JEMS to reduce ambulance service in Franklin Twp. neighborhood

FRANKLIN TWP. — A Hunter resident said his neighborhood “is getting the raw end of the deal” due to a upcoming reduction of operating hours for the ambulance service in that area.

As a cost-cutting move, the Joint Emergency Medical Service Board voted unanimously Tuesday, Sept. 21 to reduce ambulance service in the Hunter area of Franklin Twp. starting Oct. 1.

The JEMS district provides EMS and paramedic services for about 30,000 residents of Franklin Twp., Carlisle and the city of Franklin.

JEMS Board Chairman Jason Faulkner, who is a Franklin City Council member and represents the city on the board, said the service reduction was one of six options the board considered at Tuesday’s special meeting.

Joe Rosell, a Lynn Drive resident who is also a firefighter/paramedic for an area agency and a former lieutenant with the Joint Emergency Medical Service for 10 years, said “browning out” the Hunter unit from 11 p.m. to 5 a.m. is “unacceptable.

“It’s going to take an ambulance nine minutes to get here if it’s in Franklin and about 20 minutes if has to come from the Carlisle area,” Rosell said.

“I live two minutes away from the Hunter station,” he said. “What if my child stops breathing during that (brown-out) during the night? It could take 20 minutes for an ambulance to arrive from Carlisle and it only takes four to six minutes for brain death to occur.”
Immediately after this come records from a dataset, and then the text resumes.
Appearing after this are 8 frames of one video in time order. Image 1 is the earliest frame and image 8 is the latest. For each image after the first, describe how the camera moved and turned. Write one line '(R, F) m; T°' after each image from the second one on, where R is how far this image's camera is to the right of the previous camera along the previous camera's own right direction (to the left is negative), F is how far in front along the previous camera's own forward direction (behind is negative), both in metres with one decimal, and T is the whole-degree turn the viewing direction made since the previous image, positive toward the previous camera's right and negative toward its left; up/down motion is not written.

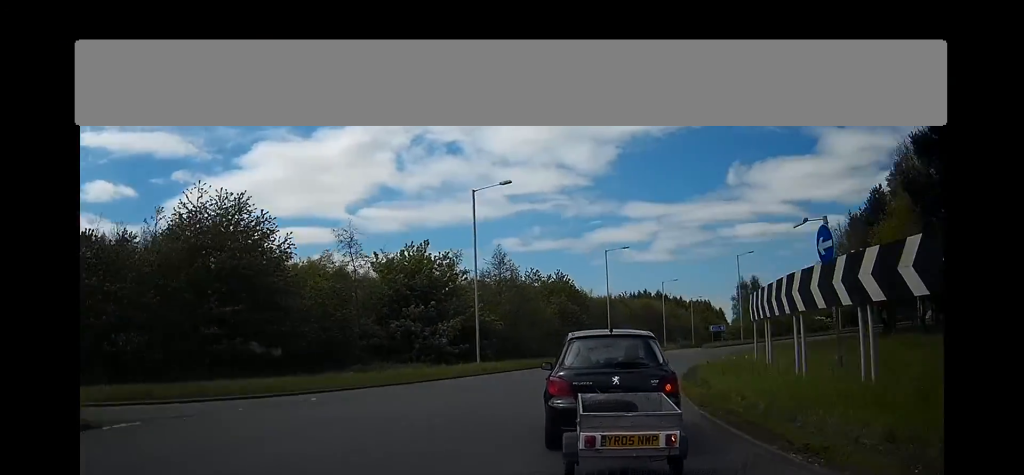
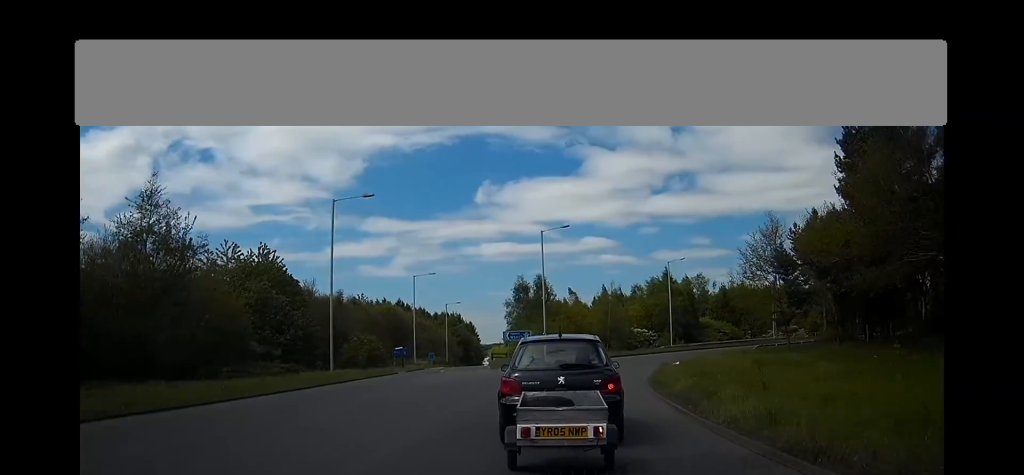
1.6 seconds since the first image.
(+6.5, +29.2) m; +22°
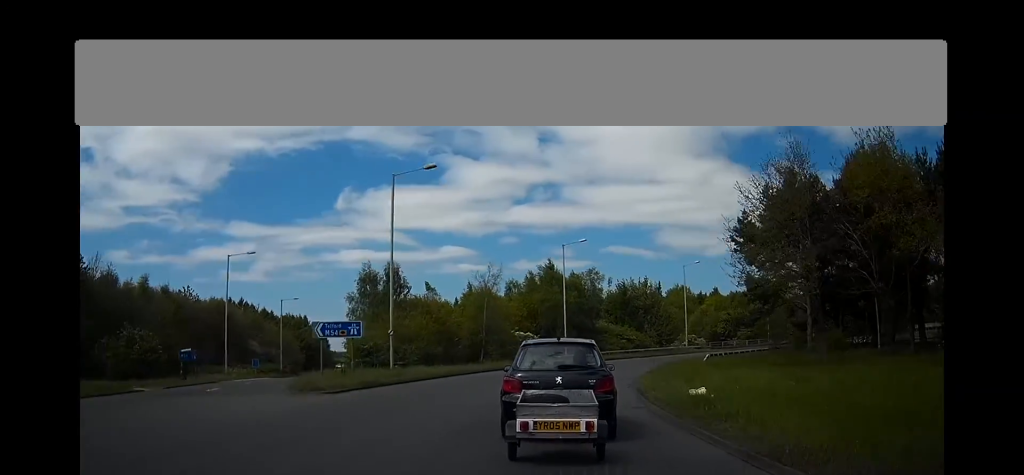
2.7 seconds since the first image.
(+1.9, +20.9) m; +11°
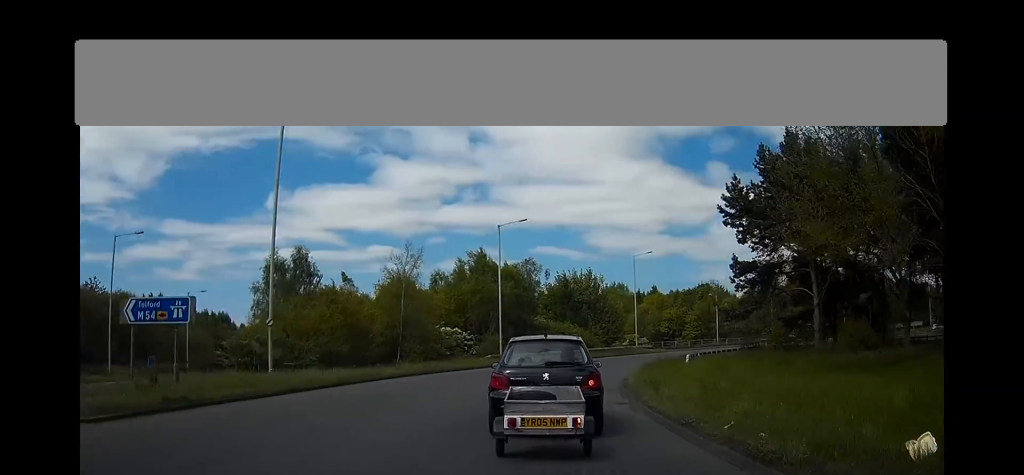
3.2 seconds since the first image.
(+0.7, +10.2) m; +6°
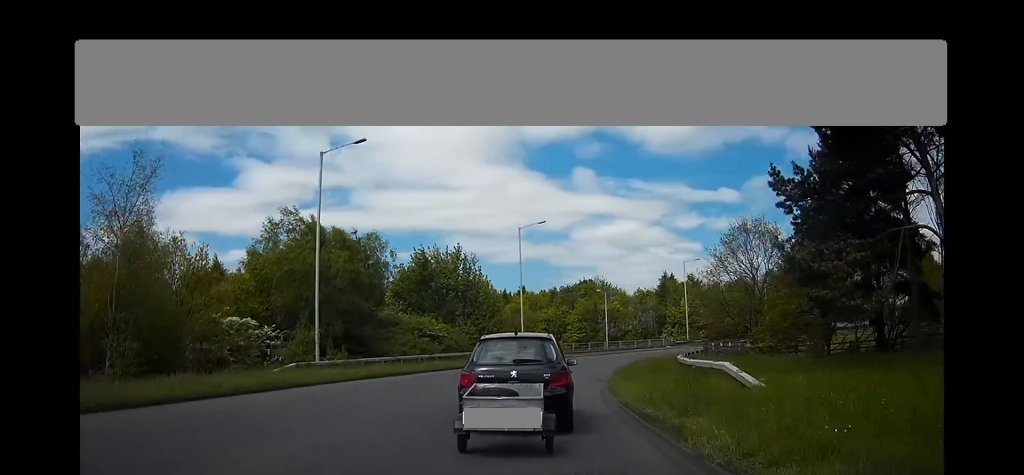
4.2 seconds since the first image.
(+2.5, +21.7) m; +13°
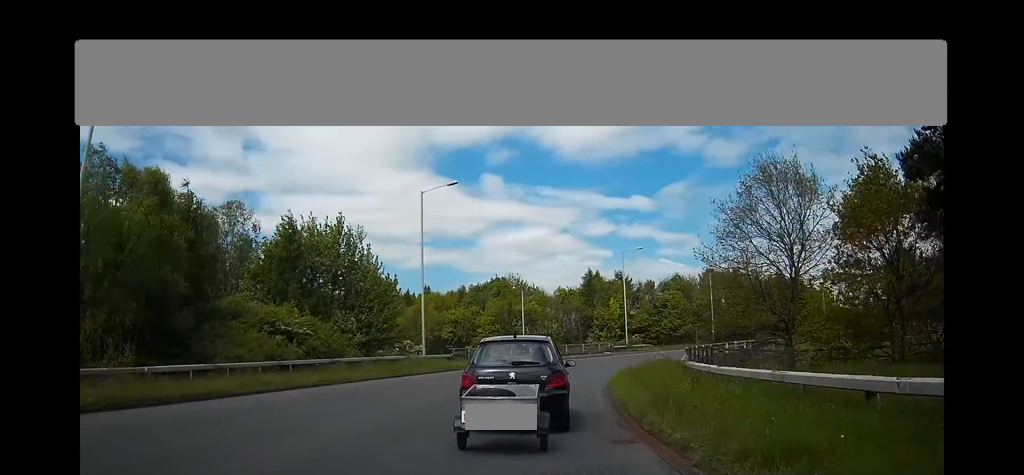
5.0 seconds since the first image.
(+1.2, +15.5) m; +9°
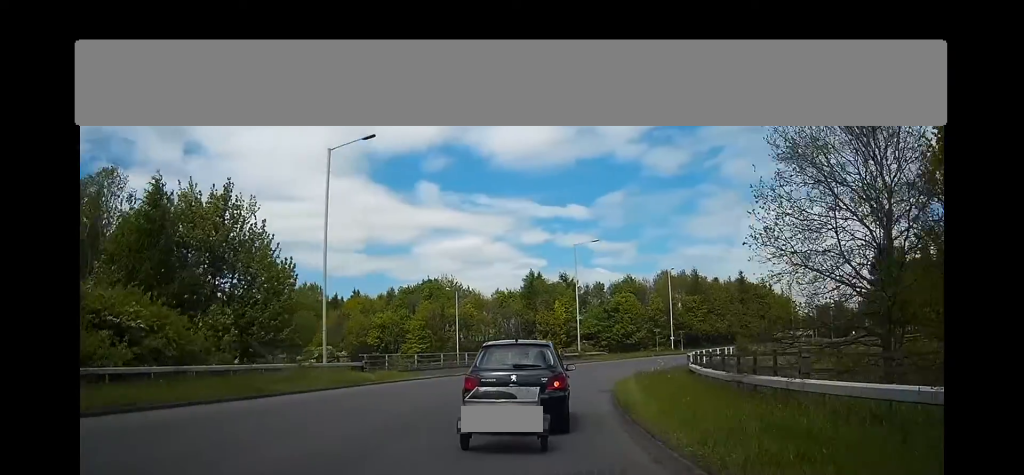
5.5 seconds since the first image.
(+0.5, +10.8) m; +7°
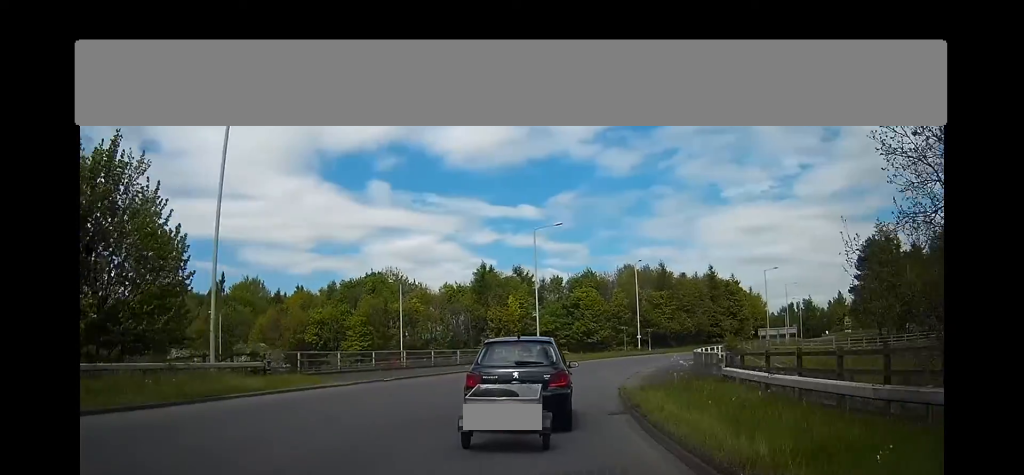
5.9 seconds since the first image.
(+0.1, +8.0) m; +5°

Faulkner said the reduction will save the district about $38,000 over three months in payroll costs because the number of staff will be reduced from seven to five.

The service reduction will also take out the first response vehicle from 5 a.m. to 11 p.m. and that it would go to the Hunter station on Robinson-Vail Road during the hours of 11 p.m. to 5 a.m., Faulkner said.

He said the board “reluctantly voted” for the service reduction based on one of the options prepared by JEMS Chief Andy Riddiough.

“Based on the data from 2007 to 2010, this was the leanest time to make a reduction in service,” Faulkner said.

The JEMS budget is funded by two small tax levies, an 0.8-mill levy approved in 1988, and a 1-mill levy approved in 1995, that generates about $460,000 or 40 percent of its approximate $1.5 million annual budget. The remainder of the revenues are from billing receipts for services, Faulkner said.

The district’s EMS units average about 3,000 runs a year and has a full-time chief and fiscal officer and about 55 emergency medical technicians and paramedics.

Riddiough said this should be a temporary reduction in service until officials can develop its budget projection for 2011.

He also said he expects all options, which includes himself being laid off, to be revisited by the board at its monthly meetings. The next JEMS Board meeting will be at 6 p.m. Oct. 5 at the JEMS station on East Sixth Street in Franklin.

However, Rosell said he still feels like he isn’t being listened to and said there are other ways to fix this.

“We pay our taxes like everyone else does,” he said. “Franklin, Carlisle and the rest of the township is getting service 24/7. But we won’t.”

“No one is happy in the Hunter community that I’ve talked to but most of the community doesn’t know about this yet,” Rosell said. “I’m not playing with this. I’ve seen people die because we could have saved them if we’d got there sooner. Nine minutes is unacceptable.”